I then mined some recent logs to see how often the same repository is fetched. It turns out the long tail of repositories are only fetched once, and some repos were fetched upto 4 times.
All this evidence together tells me storing the archive on disk in the frontend is not worth the cost. We can just directly stream the archive from gitserver. This does mean we won't set the Content-Length
HTTP header.
Considerations:
- Does removing
Content-Length
cause issues? - Is Sourcegraph.com representative of extension use? Do our customers use extensions which much more frequently access things other than the archive?
Pros:
- Removes the main use of the frontend volume. (need to confirm if its the only user).

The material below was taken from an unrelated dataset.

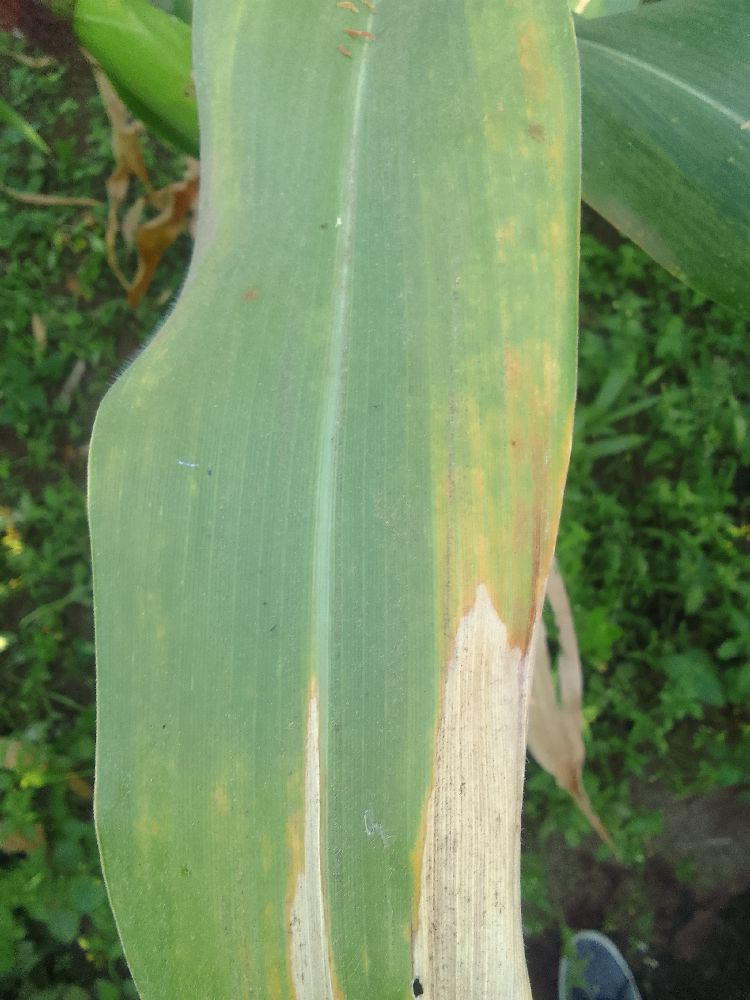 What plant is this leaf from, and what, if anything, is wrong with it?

maize, maize lethal necrosis

If we can remove the volume, then it simplifies deployment. (The volume has been a source of issues at multiple customers).
- Faster responses.
requests per second over 5min for the last 3 days:
Requests are dominated by rootarchive. Here is a graph of non-archive. rate isn't that useful, so it is the number of requests over 5min for the last 3 days. Notice we bursts of upto 100 requests over 5min for files that 404:
The below is a histogram. For each repo we observe how many times it was requested. So 126 repos are only requested once, 12 repos are requested 2 times, etc.
$ kubectl logs -lapp=sourcegraph-frontend -c frontend --tail=5000 > frontend.log
$ grep 'raw endpoint sending archive' frontend.log | grep -o 'repo=[^ ]*' | sort | uniq -c | awk '{ print $1 }' | sort | uniq -c
126 1
13 2
7 3
4 4
Here are the promql queries used
sum by (type) (rate(src_http_raw_endpoint_total[5m]))
sum by (type) (delta(src_http_raw_endpoint_total{type!~".*archive"}[5m]))